はじめてのアーユルヴェーダ -キホン編-

いま注目の予防医学!未病を防ぐために必要とされるアーユルヴェーダ

最近、未病という言葉をしばしば耳にするようになりました。これは中国医学の用語で『黄帝内経素門』に記載されたもので、已病【いびょう】(既に病んだ状態)に対する用語です。つまり、「未だ病まざる状態」ということです。

3つの医学の病気と健康の位置づけを比べたものです。

現代の西洋医学は、病気でなければ、健康という定義を下す傾向にあります。しかし、中国医学あるいは漢方医学では、病気が発病する前の状態を未病として定義し、その前に手を打つことをすすめています。病気になってから対処するのでは、あたかも干ばつが起きてから井戸を掘るようなものだというのです。まさに現代医学の盲点をついた概念でしょう。

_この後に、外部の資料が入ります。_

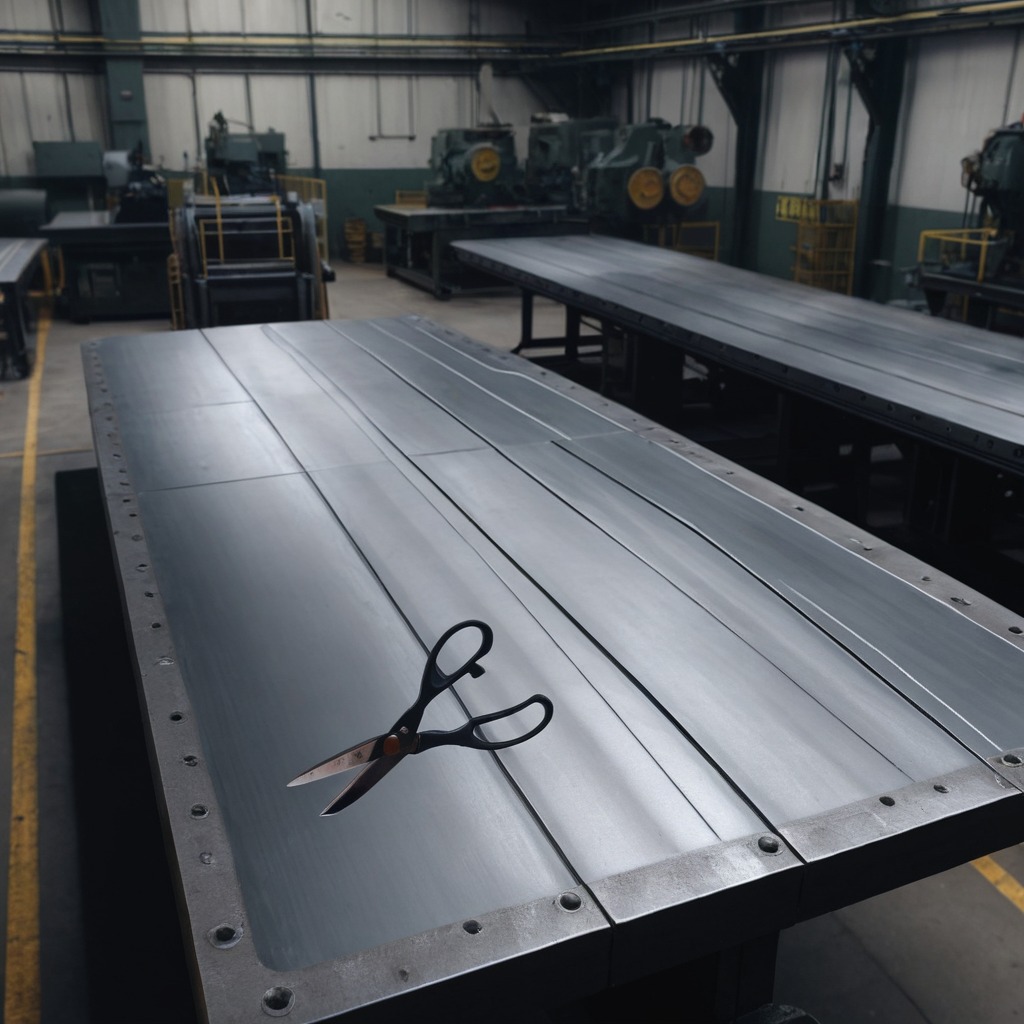
A scissor lying on the cold steel table in a mining workshop gritty textures
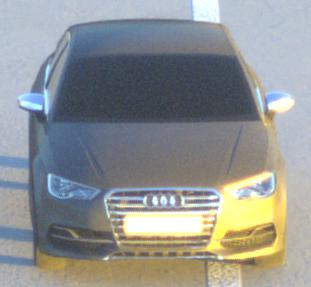
Make: Audi
Model: S3
Detailed model: 8V
Model produced from: 2013
Model produced until: 2020
Doors: 4
Color: gray
Road condition: dry road
Daytime: sunrise or sunset
Contrast: high contrast
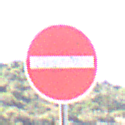
Verkehrszeichen: VerbotDerEinfahrt
Umgebung: Outdoor, Nature
Tageszeit: MorningAfternoon
Wetter: Clear
Licht: Natural
Jahreszeit: NotSpecified
Kontrast: HighContrast
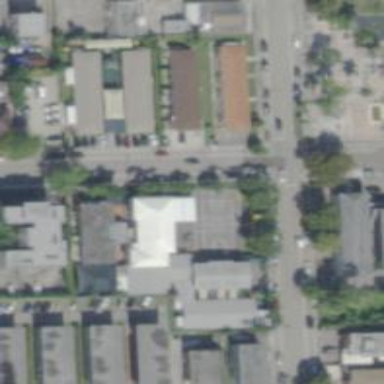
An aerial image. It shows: Kindergarten.
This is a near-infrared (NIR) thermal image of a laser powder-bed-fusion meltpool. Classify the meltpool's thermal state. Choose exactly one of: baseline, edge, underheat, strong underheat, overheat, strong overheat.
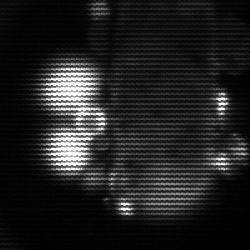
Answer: strong underheat
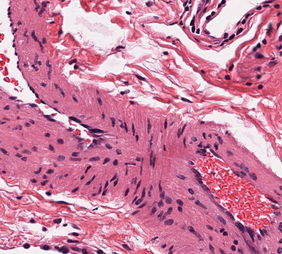
Tumor epithelial tissue: no
Tumor-associated stroma tissue: yes
Normal tissue: no
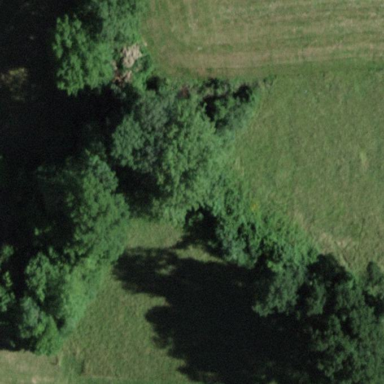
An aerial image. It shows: Forest area.
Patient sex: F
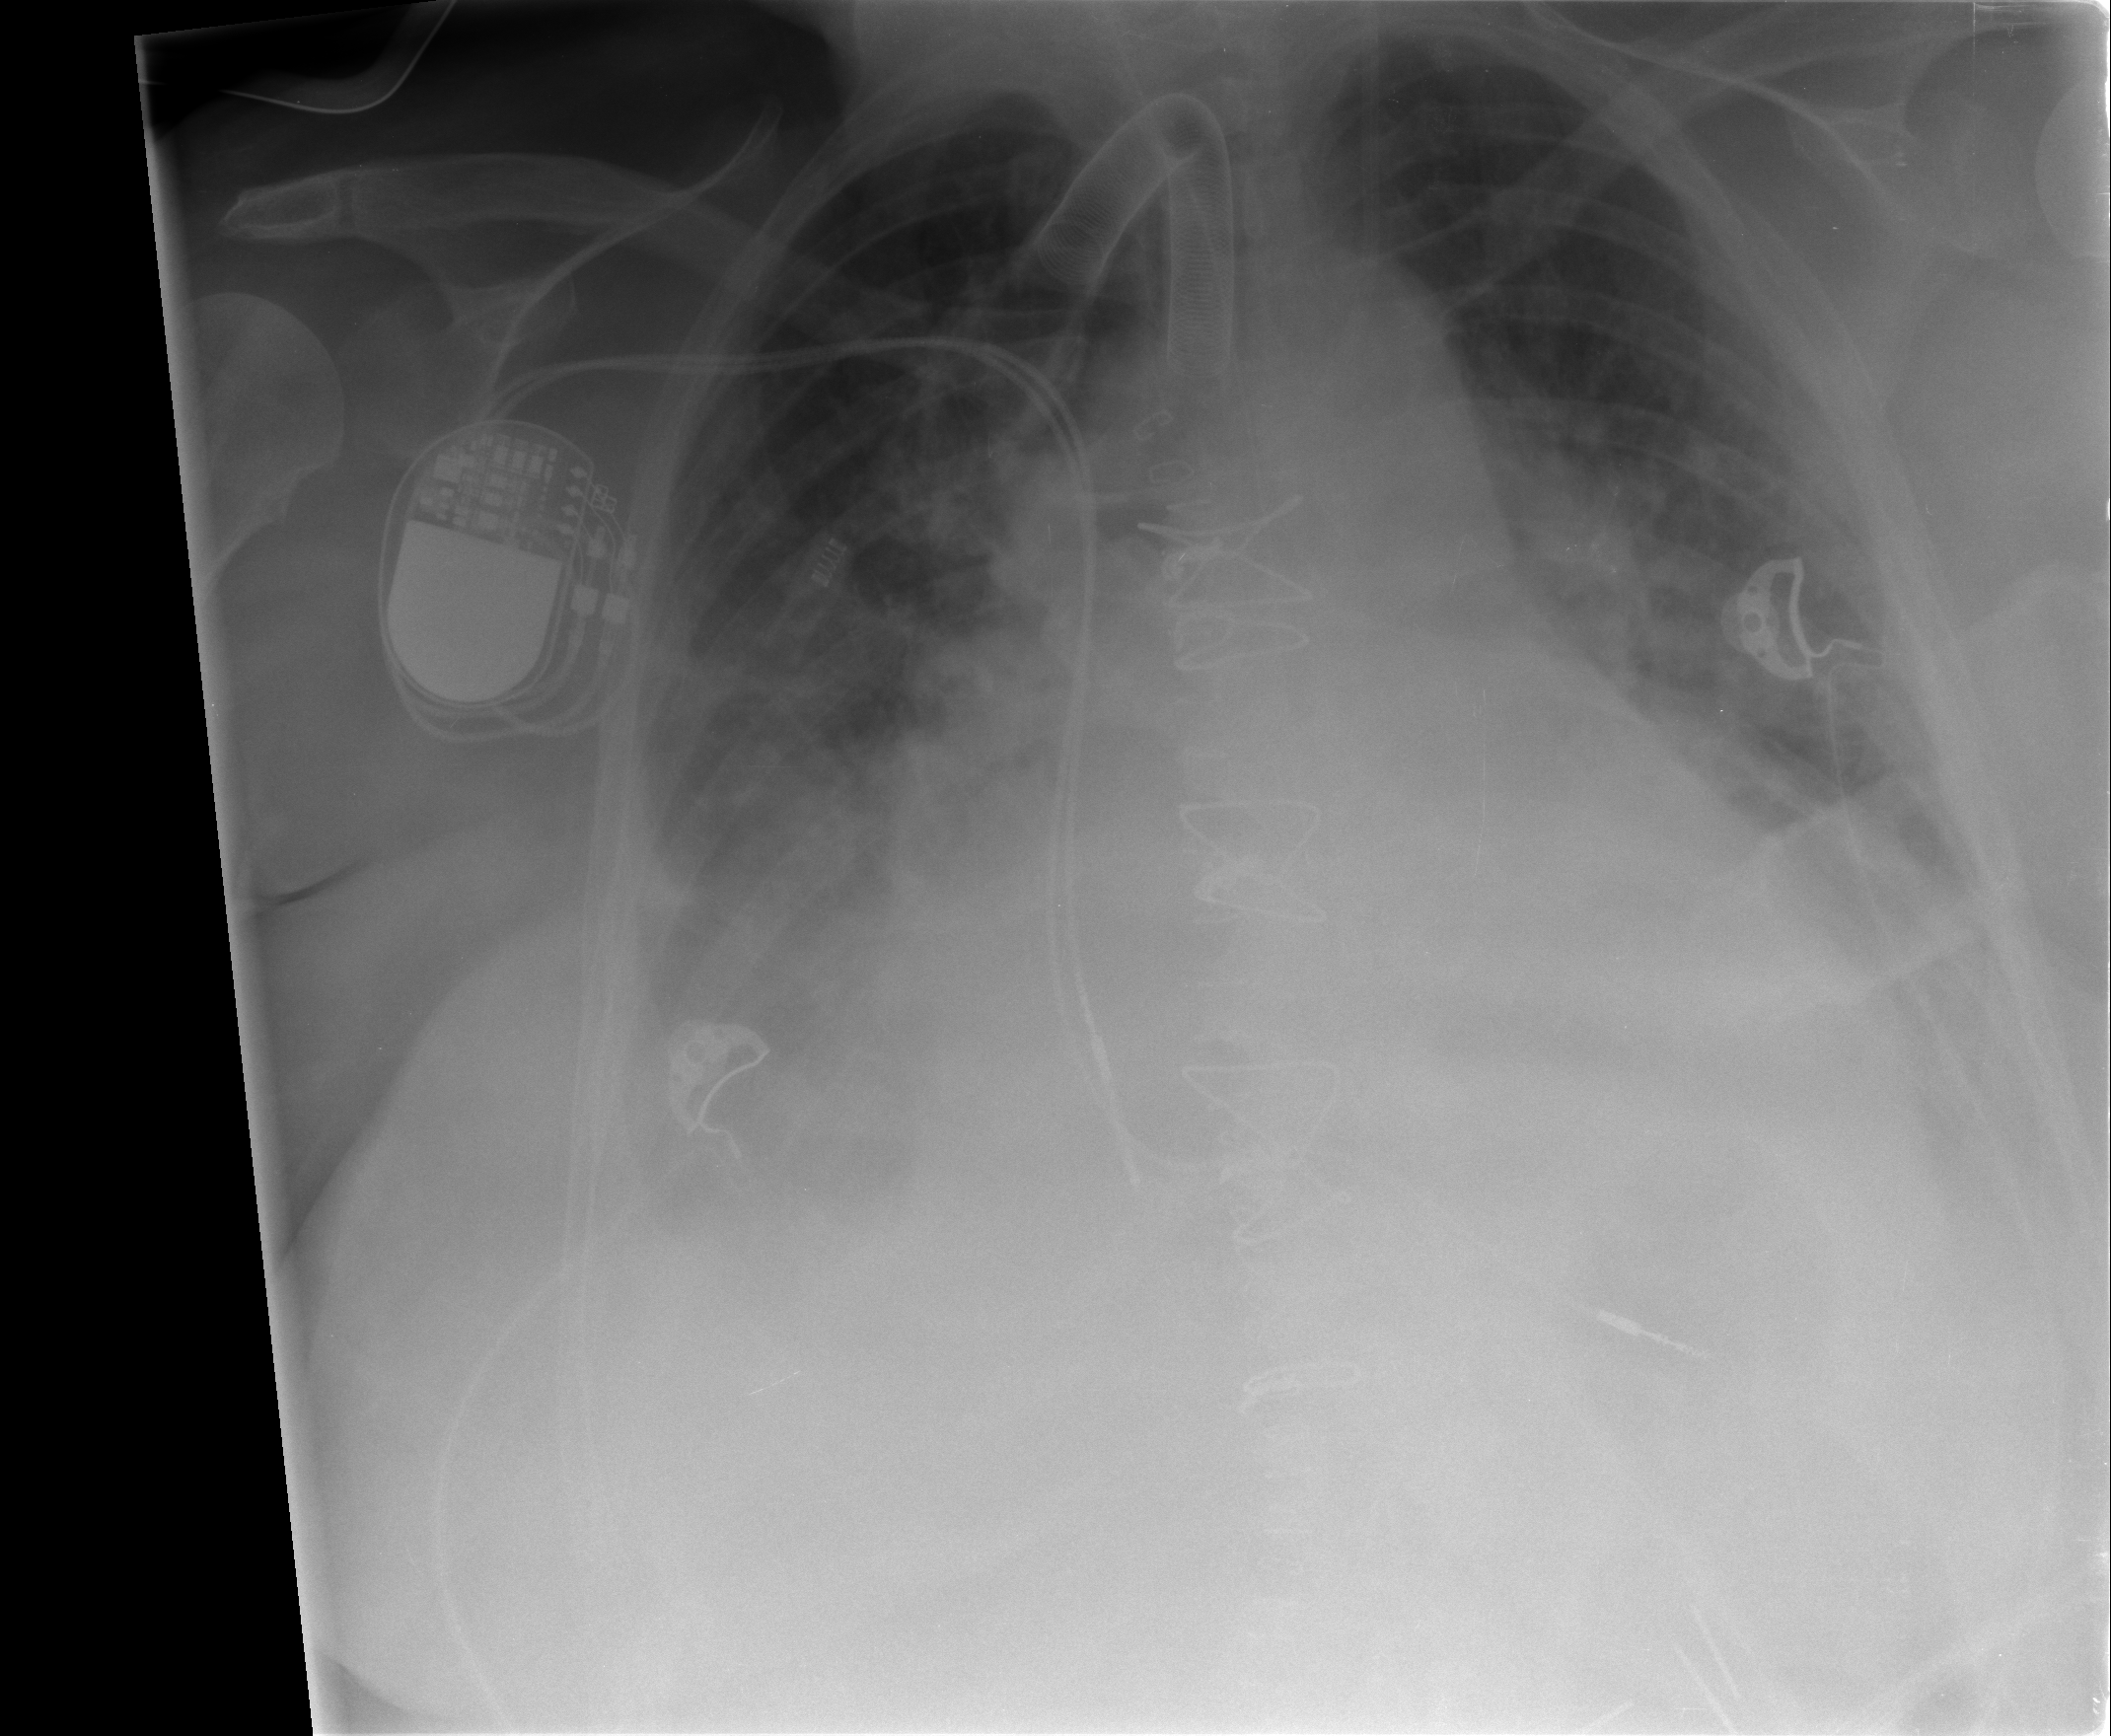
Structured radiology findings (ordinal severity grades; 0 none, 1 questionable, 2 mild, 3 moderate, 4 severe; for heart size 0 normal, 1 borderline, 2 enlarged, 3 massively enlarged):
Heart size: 3
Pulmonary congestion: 3
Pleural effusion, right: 3
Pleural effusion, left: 2
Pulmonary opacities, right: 2
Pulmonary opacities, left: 2
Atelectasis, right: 3
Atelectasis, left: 3

このように伝統医学では、病気が進展する前に対処するという予防医学的概念が主流でした。これらの伝統医学の中でもアーユルヴェーダの未病理論は中国医学よりもさらに徹底しています。中国医学で未病としている状態を、さらに4つに細分化することで、病気の過程を克明に観察し、それを紡ぐ手だてを持っていたのです。

そのような、疾病の進展する過程は、トリドーシャのバランス状態によって分類されています。
ドーシャがバランスを崩すということは、増大しすぎるという意味ですが、増大したドーシャは、一定の部位に蓄積してきます。そこで、増悪して、局所的な症状を発生するようになります。
それがさらに進展すると、全身に播種【はしゅ】(散らばること)して、全身的な異常になってきます。そうなりますと、全身の弱い部位(抵抗減弱部位)にたまって極在化するようになります。その後、症状が明らかになり、最終的には慢性化することになるのです。

このようにアーユルヴェーダ的に見ていくと、慢性疾患がいかに長い過程で作られるかということが理解できるのです。最近、現代医学の研究からも、癌が10数年かかって発症することがわかってきました。まさにアーユルヴェーダの未病の状態で、すでに癌などの芽が出ていると考えられます。その段階で、アーユルヴェーダ的な診断を受けて、異常ありとされ治療を受けていれば、現代的な疾病の発生を予防できる可能性はあります。予防医学が注目される現代において、未病を治療するアーユルヴェーダが必要とされる可能性は大きいでしょう。